On Jun 9, 2:10 pm, czerwonka <
andy.czerwo...@gmail.com> wrote:
> On Jun 9, 7:14 am, Rich Hickey <
richhic...@gmail.com> wrote:> On Jun 8, 1:28 pm, czerwonka <
andy.czerwo...@gmail.com> wrote:
> > I think Scala is interesting work, and I haven't spent much time with
> > it, so I'll just speak for Clojure, other than to say I've seen enough
> > to know that Clojure is substantially less complex than Scala.
>
> [czerwonka] I what way? Syntax? I definitely see the argument given
> Scala's implicit defs (witchcraft). Does this complexity cost come as
> a result of type safety? I think so in some cases.
>
Complexity comes as the result of the type system, object system etc.
Clojure has a very tiny core.
> > Clojure is predicated on my personal opinion, after many years of
> > doing it, that imperative programming is not a very good idea in most
> > situations.
>
> [czerwonka] I guess this is where I sit on the fence. Scala's default
> is to promote immutable data structures. It promotes 'val' over
> 'var'. It gives you a choice though, I think because unless one wraps/
> replaces all the Java libraries with their functional equivalent, you
> end up using imperative whether you like it or not. I guess that's
> really my argument. Interop forces you there. Doesn't it?
>
Not really. A lot of use of Java is on the I/O side of an application.
The logic and model can avoid Java, or use parts of it functionally.
If you build an immutable object out of Java/Scala final/val fields
you don't end up with a persistent data structure, so you don't have a
mechanism for change other than full copy. If you use Scala's
immutable collections, but then store them in Scala's unmoderated
'vars' as recommended to support change, then you don't have a
mechanism for change coordination other than locks.
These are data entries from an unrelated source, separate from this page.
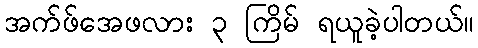
အက်ဖ်အေဖလား ၃ ကြိမ် ရယူခဲ့ပါတယ်။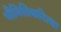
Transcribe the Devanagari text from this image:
भौमितिकरित्या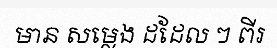
មាន សម្លេង ដដែល ៗ ពីរ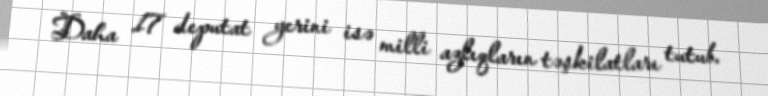
Daha 17 deputat yerini isə milli azlıqların təşkilatları tutub.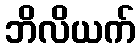
ဘိလိယက်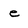
Character: e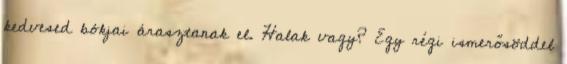
kedvesed bókjai árasztanak el. Halak vagy? Egy régi ismerősöddel

Contrast with the Clojure approach of using Clojure maps as 'objects'
- they are immutable and efficiently persistent - and storing them in
one of Clojure's 3 reference types, all of which have concurrency
semantics.
Giving people advice is different from giving people a complete
method, and using it uniformly in the libraries.
> > However, Clojure acknowledges the need for the illusion of change in
> > most real programs that are not merely calculations. That is, multiple
> > parts of a program may want to associate an identity with state that,
> > at different times in the program, may be different.
> [czerwonka] Scala has its Actor library which closely resembles
> Erlang.
I question whether Erlang's actors-waiting-for-a-data-message-in-a-
blocking-switch-statement model is the right thing to emulate. Here
too, Clojure's holistic design comes into play, as both its
transactional refs and autonomous asynchronous agents support the same
change-as-function-of-state model, with both the altering function and
the state being the exact same functions and persistent data
structures you use everywhere else.
Contrast with the difference between interacting with Scala Classes/
Objects and Scala Actors. Everything that was a method in the first
case becomes a message data type in the second - very different.
> You're right though, given it's a library, it allows you to
> use shared state. I nevertheless do find it extremely powerful to be
> able to express a this DSL using a typed language.
I have no doubt Scala's flexibility will allow people to accomplish
almost anything. But when everyone can do almost anything, they do,
and then their pieces don't compose. If everyone using Scala takes a
different approach to mutability and concurrency, you won't be able to
compose reliable concurrent programs. I find it highly unlikely that
Scala programmers will eschew vars in their objects, in which case
they are no better off than in Java, which offers final fields just
like Scala's vals. That's not really functional programming and is not
going to yield its benefits.
If people do want to get the benefits of functional programming and
safe concurrency in Scala they will have to voluntarily adopt, and
enforce by convention, the same sort of 'restrictions' Clojure
holistically supports and enforces.
If they want those benefits in Clojure, they just use it.